**Working data:**
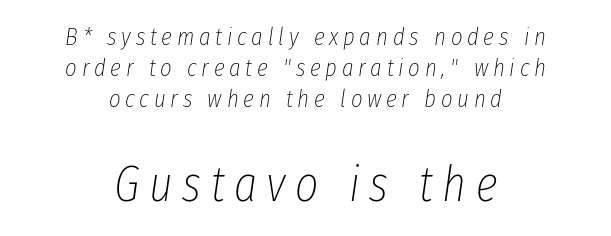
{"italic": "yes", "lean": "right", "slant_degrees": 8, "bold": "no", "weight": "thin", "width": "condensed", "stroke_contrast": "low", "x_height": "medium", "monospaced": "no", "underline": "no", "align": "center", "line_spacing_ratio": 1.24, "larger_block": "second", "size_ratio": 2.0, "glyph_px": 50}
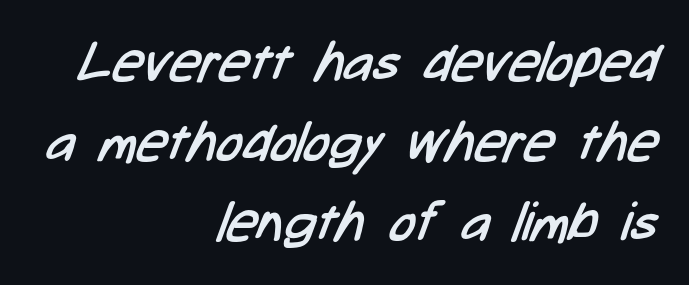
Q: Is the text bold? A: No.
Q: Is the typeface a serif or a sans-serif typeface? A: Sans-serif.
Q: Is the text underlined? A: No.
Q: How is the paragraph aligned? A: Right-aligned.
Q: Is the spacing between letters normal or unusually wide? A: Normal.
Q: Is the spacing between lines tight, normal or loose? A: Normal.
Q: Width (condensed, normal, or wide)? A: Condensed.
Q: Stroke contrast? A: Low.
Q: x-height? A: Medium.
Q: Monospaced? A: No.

**Exercise description:**
There is one span to return: the line holding "Q: Is the text bold? A: No." and every line after it through the end of the listing above; please give it exactly and add nothing.

**Exercise result:**
Q: Is the text bold? A: No.
Q: Is the typeface a serif or a sans-serif typeface? A: Sans-serif.
Q: Is the text underlined? A: No.
Q: How is the paragraph aligned? A: Right-aligned.
Q: Is the spacing between letters normal or unusually wide? A: Normal.
Q: Is the spacing between lines tight, normal or loose? A: Normal.
Q: Width (condensed, normal, or wide)? A: Condensed.
Q: Stroke contrast? A: Low.
Q: x-height? A: Medium.
Q: Monospaced? A: No.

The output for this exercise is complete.